What the exercise asks =
Pictures stay out; everything else in the records below is copied exactly.

Material shown =
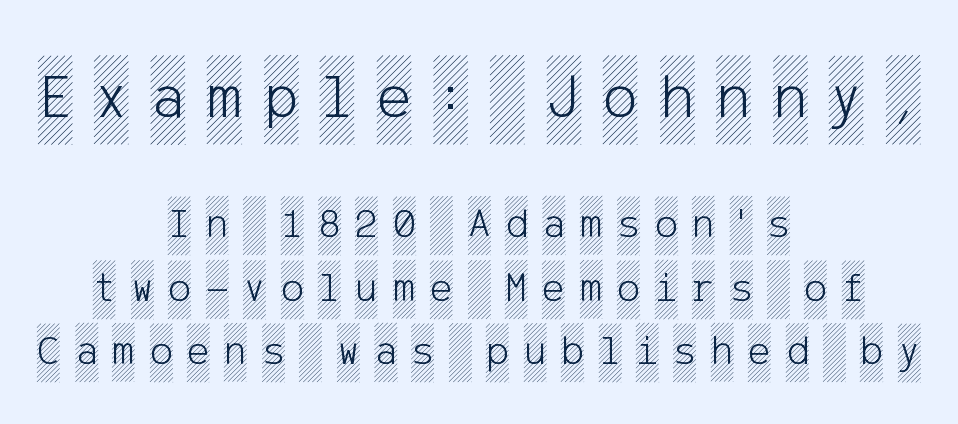
{"italic": "no", "width": "condensed", "x_height": "large", "underline": "no", "align": "center", "line_spacing": "normal", "line_spacing_ratio": 1.48, "letter_spacing": "wide", "letter_spacing_em": 0.34, "larger_block": "first", "size_ratio": 1.51, "glyph_px": 65}
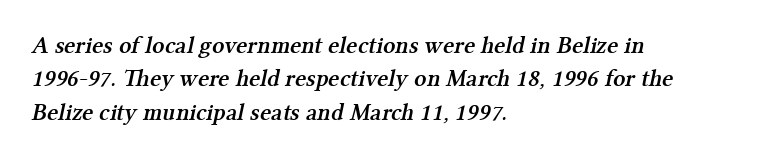
The image shows 24 px text type; set left-aligned, normal line spacing (1.39x), normal letter spacing, not underlined.
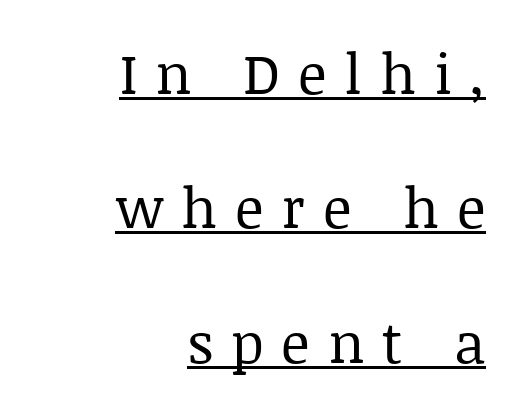
The image shows 56 px regular-weight serif type, upright; set right-aligned, loose line spacing (2.4x), unusually wide letter spacing (+0.32 em), underlined; low stroke contrast and a large x-height.
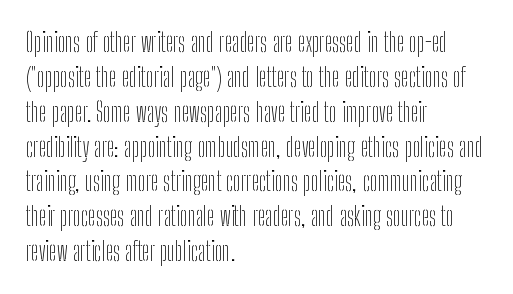
The image shows 26 px text type, upright; set left-aligned, normal line spacing (1.34x), normal letter spacing, not underlined.
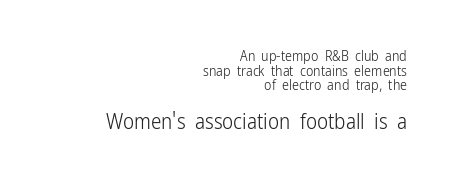
Tracking value appears to be zero — textbook default spacing. Visually the block forms a straight wall on the right and a jagged coastline on the left. The lettering holds an erect, upright posture throughout. Letters rest on an invisible, unmarked baseline. If you squint, the bottom block still reads clearly — it's the larger of the two. Counters stay open thanks to moderate or lighter strokes.
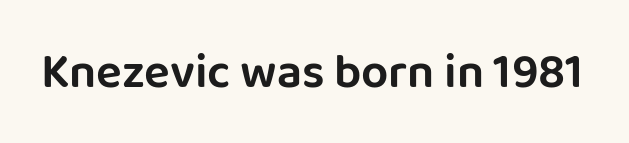
Q: Is the text italic (slanted)? A: No, it is upright.
Q: Is the typeface a serif or a sans-serif typeface? A: Sans-serif.
Q: Is the text underlined? A: No.
Q: Is the spacing between letters normal or unusually wide? A: Normal.
Q: Width (condensed, normal, or wide)? A: Normal.
Q: Stroke contrast? A: Low.
Q: x-height? A: Large.
Q: Monospaced? A: No.
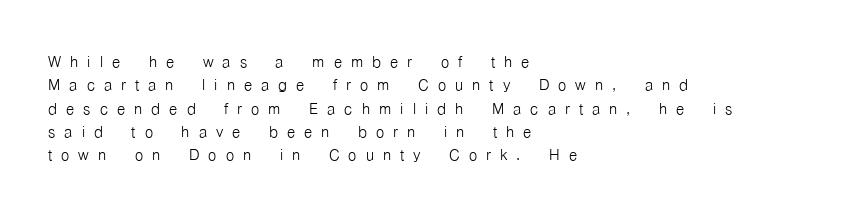
Short note: letters widely spaced. A quiet, ordinary-to-light weight characterises the typeface. Typeset ragged right — the left edge is the straight one. Plain, unruled lines of type. The type sits square on the baseline with zero lean.
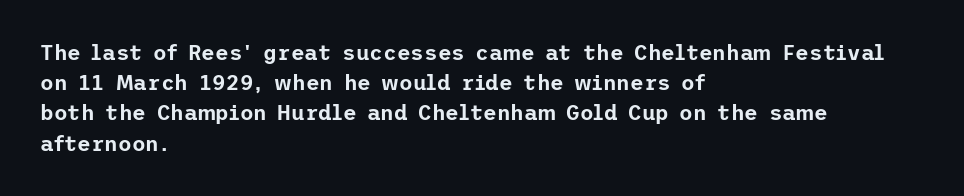
The image shows 21 px text type, upright; set left-aligned, normal line spacing (1.44x), normal letter spacing, not underlined.
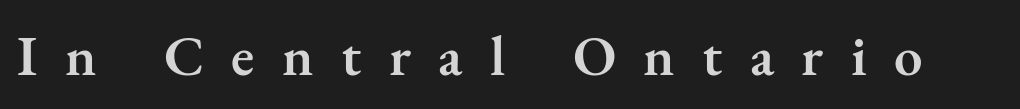
{"serif": "yes", "italic": "no", "bold": "semi", "weight": "semibold", "width": "normal", "stroke_contrast": "medium", "x_height": "small", "monospaced": "no", "underline": "no", "letter_spacing": "wide", "letter_spacing_em": 0.48, "glyph_px": 57}
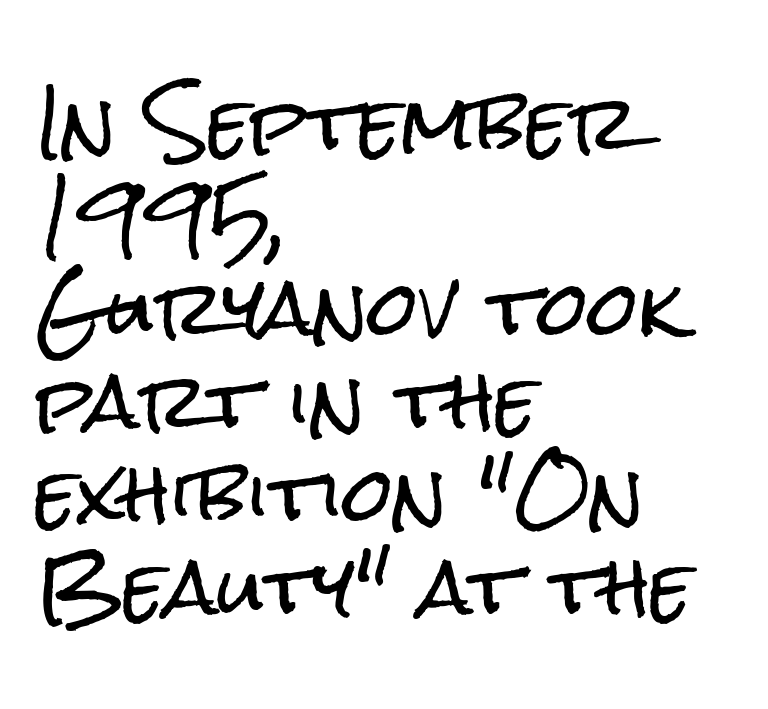
The leading is moderate, giving the passage an even texture. Ordinary non-slanted type is in use. Plain, unruled lines of type. Are there feet on the stems? There aren't — it's a sans. The letters advance in unequal steps, a hallmark of proportional type. Between one letter and the next there's only the usual sliver of space.
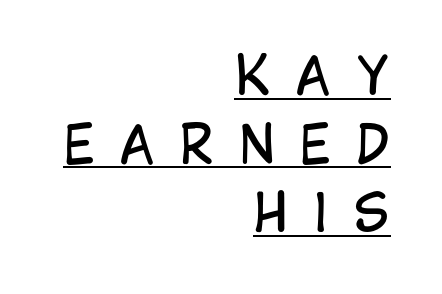
Q: Is the text bold? A: No.
Q: Is the text italic (slanted)? A: No, it is upright.
Q: Is the typeface a serif or a sans-serif typeface? A: Sans-serif.
Q: Is the text underlined? A: Yes.
Q: How is the paragraph aligned? A: Right-aligned.
Q: Is the spacing between letters normal or unusually wide? A: Unusually wide.
Q: Is the spacing between lines tight, normal or loose? A: Normal.
Q: Width (condensed, normal, or wide)? A: Condensed.
Q: Stroke contrast? A: Low.
Q: x-height? A: Large.
Q: Monospaced? A: No.
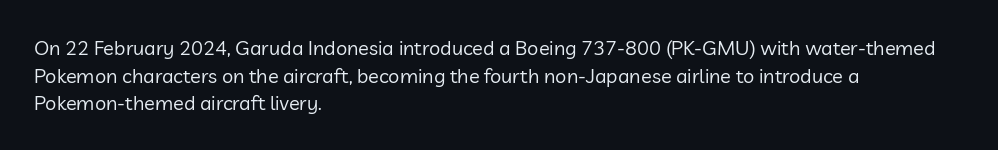
The image shows 20 px text type, upright; set left-aligned, normal line spacing (1.38x), normal letter spacing, not underlined.
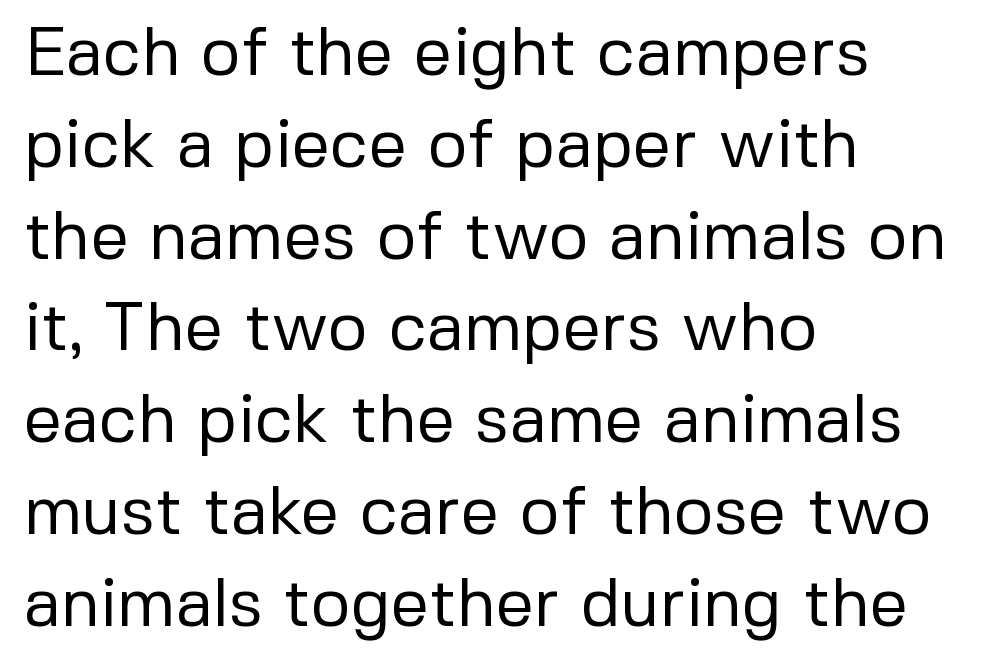
Q: Is the text bold? A: No.
Q: Is the text italic (slanted)? A: No, it is upright.
Q: Is the typeface a serif or a sans-serif typeface? A: Sans-serif.
Q: Is the text underlined? A: No.
Q: How is the paragraph aligned? A: Left-aligned.
Q: Is the spacing between letters normal or unusually wide? A: Normal.
Q: Is the spacing between lines tight, normal or loose? A: Normal.
Q: Width (condensed, normal, or wide)? A: Normal.
Q: Stroke contrast? A: Low.
Q: x-height? A: Medium.
Q: Monospaced? A: No.
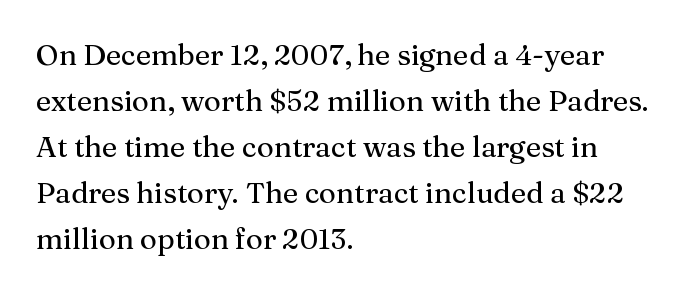
{"serif": "yes", "italic": "no", "width": "normal", "stroke_contrast": "medium", "x_height": "medium", "monospaced": "no", "underline": "no", "align": "left", "line_spacing": "normal", "line_spacing_ratio": 1.59, "letter_spacing": "normal", "letter_spacing_em": 0.0, "glyph_px": 29}
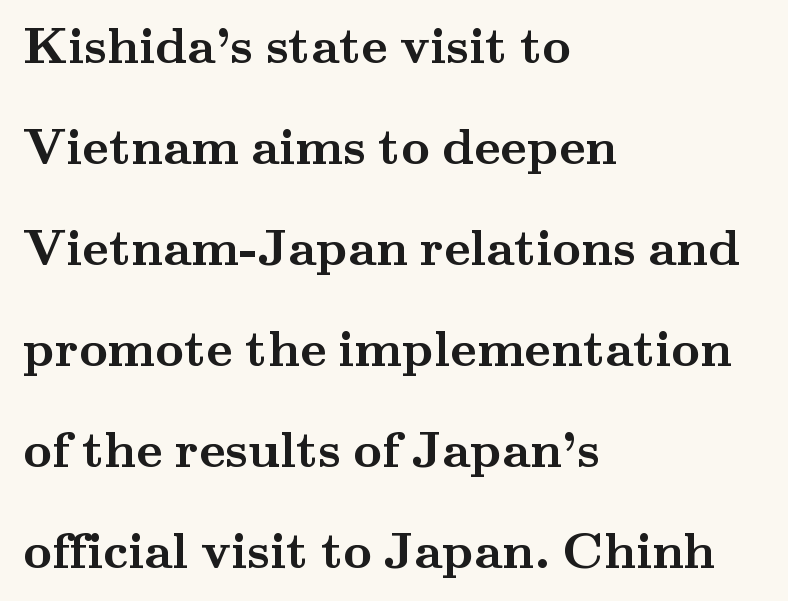
The setting favours the left margin, as ordinary paragraphs usually do. Descenders are the only things crossing below the line. Note the varied advance widths — an 'i' is clearly narrower than an 'm'. It's the straight-up-and-down kind of type.

Task output =
{"italic": "no", "width": "condensed", "x_height": "large", "underline": "no", "align": "center", "line_spacing": "normal", "line_spacing_ratio": 1.48, "letter_spacing": "wide", "letter_spacing_em": 0.34, "larger_block": "first", "size_ratio": 1.51, "glyph_px": 65}
The image shows 24 px text type; set left-aligned, normal line spacing (1.39x), normal letter spacing, not underlined.
The image shows 56 px regular-weight serif type, upright; set right-aligned, loose line spacing (2.4x), unusually wide letter spacing (+0.32 em), underlined; low stroke contrast and a large x-height.
The image shows 26 px text type, upright; set left-aligned, normal line spacing (1.34x), normal letter spacing, not underlined.
Tracking value appears to be zero — textbook default spacing. Visually the block forms a straight wall on the right and a jagged coastline on the left. The lettering holds an erect, upright posture throughout. Letters rest on an invisible, unmarked baseline. If you squint, the bottom block still reads clearly — it's the larger of the two. Counters stay open thanks to moderate or lighter strokes.
Q: Is the text italic (slanted)? A: No, it is upright.
Q: Is the typeface a serif or a sans-serif typeface? A: Sans-serif.
Q: Is the text underlined? A: No.
Q: Is the spacing between letters normal or unusually wide? A: Normal.
Q: Width (condensed, normal, or wide)? A: Normal.
Q: Stroke contrast? A: Low.
Q: x-height? A: Large.
Q: Monospaced? A: No.
Short note: letters widely spaced. A quiet, ordinary-to-light weight characterises the typeface. Typeset ragged right — the left edge is the straight one. Plain, unruled lines of type. The type sits square on the baseline with zero lean.
The image shows 21 px text type, upright; set left-aligned, normal line spacing (1.44x), normal letter spacing, not underlined.
{"serif": "yes", "italic": "no", "bold": "semi", "weight": "semibold", "width": "normal", "stroke_contrast": "medium", "x_height": "small", "monospaced": "no", "underline": "no", "letter_spacing": "wide", "letter_spacing_em": 0.48, "glyph_px": 57}
The leading is moderate, giving the passage an even texture. Ordinary non-slanted type is in use. Plain, unruled lines of type. Are there feet on the stems? There aren't — it's a sans. The letters advance in unequal steps, a hallmark of proportional type. Between one letter and the next there's only the usual sliver of space.
Q: Is the text bold? A: No.
Q: Is the text italic (slanted)? A: No, it is upright.
Q: Is the typeface a serif or a sans-serif typeface? A: Sans-serif.
Q: Is the text underlined? A: Yes.
Q: How is the paragraph aligned? A: Right-aligned.
Q: Is the spacing between letters normal or unusually wide? A: Unusually wide.
Q: Is the spacing between lines tight, normal or loose? A: Normal.
Q: Width (condensed, normal, or wide)? A: Condensed.
Q: Stroke contrast? A: Low.
Q: x-height? A: Large.
Q: Monospaced? A: No.
The image shows 20 px text type, upright; set left-aligned, normal line spacing (1.38x), normal letter spacing, not underlined.
Q: Is the text bold? A: No.
Q: Is the text italic (slanted)? A: No, it is upright.
Q: Is the typeface a serif or a sans-serif typeface? A: Sans-serif.
Q: Is the text underlined? A: No.
Q: How is the paragraph aligned? A: Left-aligned.
Q: Is the spacing between letters normal or unusually wide? A: Normal.
Q: Is the spacing between lines tight, normal or loose? A: Normal.
Q: Width (condensed, normal, or wide)? A: Normal.
Q: Stroke contrast? A: Low.
Q: x-height? A: Medium.
Q: Monospaced? A: No.
{"serif": "yes", "italic": "no", "width": "normal", "stroke_contrast": "medium", "x_height": "medium", "monospaced": "no", "underline": "no", "align": "left", "line_spacing": "normal", "line_spacing_ratio": 1.59, "letter_spacing": "normal", "letter_spacing_em": 0.0, "glyph_px": 29}
The setting favours the left margin, as ordinary paragraphs usually do. Descenders are the only things crossing below the line. Note the varied advance widths — an 'i' is clearly narrower than an 'm'. It's the straight-up-and-down kind of type.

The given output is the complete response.